McNair Barracks in Berlin and McNair Kaserne in Höchst (Frankfurt am Main), Germany were named in his honor. McNair Kaserne was closed and turned over to the German government when the 17th Signal Battalion moved to Kitzingen, Germany in 1992.
Death and Burial
Lieutenant General Lesley James McNair died a particularly violent death in combat on 25 July 1944. An errant bomb from friendly forces landed squarely on McNair in a slit trench and threw his body sixty feet; mangling it beyond recognition except for the three stars on his collar.
His remains are buried at the Normandy American Cemetery and Memorial in Colleville-sur-Mer, Basse-Normandie Region, France, in Plot F, Row 28, Grave 42.
His son, Colonel Douglas McNair, Chief of Staff of the 77th Infantry Division, was killed two weeks later by a sniper on Guam and is buried at the National Memorial Cemetery of the Pacific in Honolulu, Hawaii.
On 19 July 1954, McNair was promoted to four-star general pursuant to Public Law 88-508. [Eleven lieutenant generals (including McNair) were promoted to 4-star rank on 19 July 1954. Seven promotions were granted to living retirees; four were awarded posthumously.]
McNair's tombstone at the Normandy American Cemetery and Memorial originally listed him as a Lieutenant General; the rank he held at death.

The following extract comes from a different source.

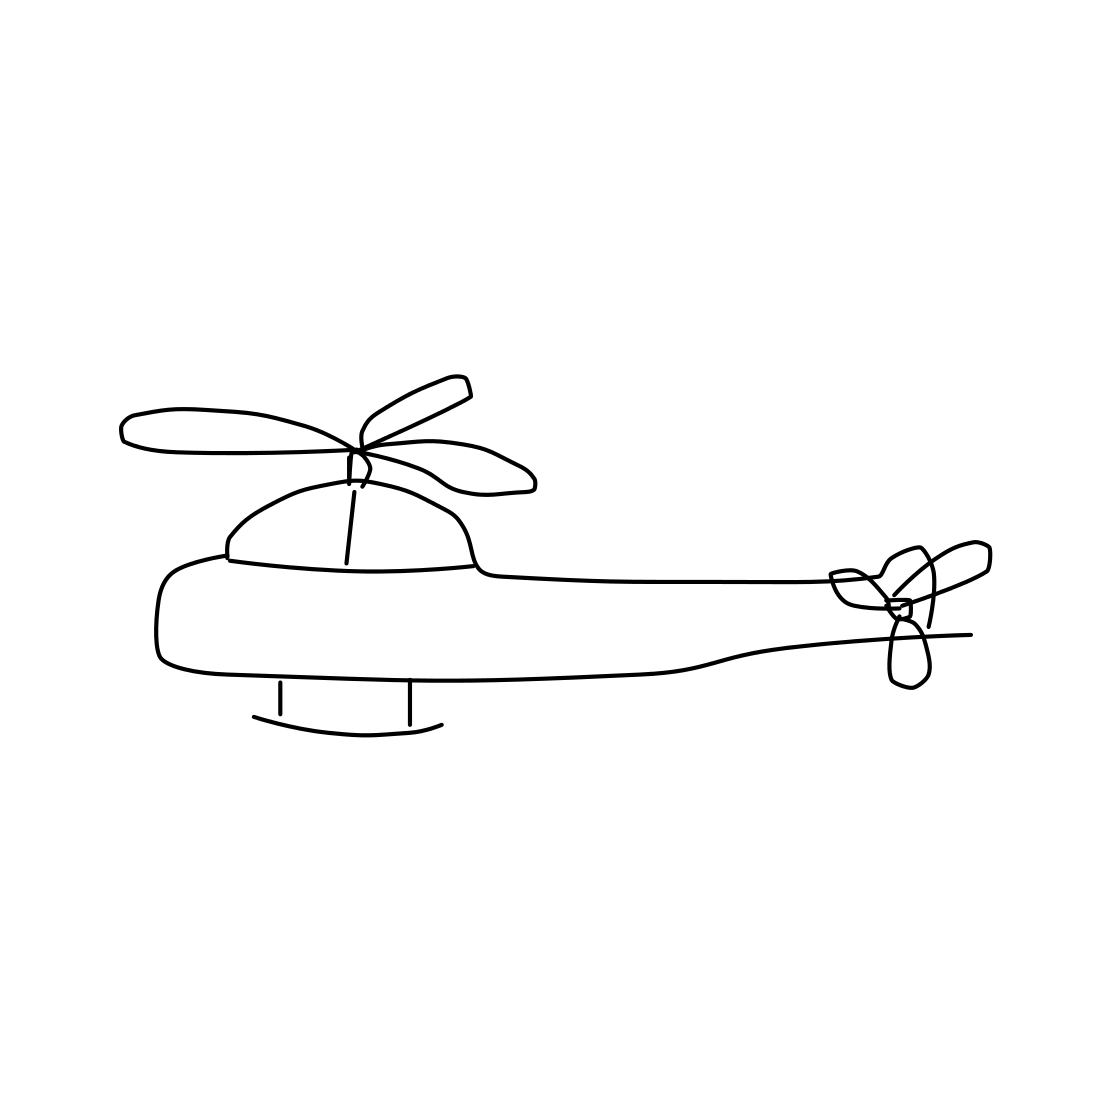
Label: helicopter

The American Battle Monuments Commission was unaware of the promotion to general in 1954. For that reason, his gravestone was not changed to reflect his final rank of general until 11 November 2010. McNair is now the highest ranking military officer buried at that cemetery.
Evaluations of General McNair
Initial Training Issues
During the early months of World War II, Lieutenant General McNair received largely favorable treatment for his training programs and policies. McNair was frequently quoted for his pronouncements that no army could be fully effective unless it is properly organized, correctly equipped, adequately led, and completely trained. In a 1943 wartime profile for The Saturday Evening Post written just before the rout of U.S. Army forces at Kasserine Pass, reporter John T. Whitaker effusively wrote of McNair: "If you have a son or husband in uniform, you may owe his welfare or even his survival to 'Whitey' McNair."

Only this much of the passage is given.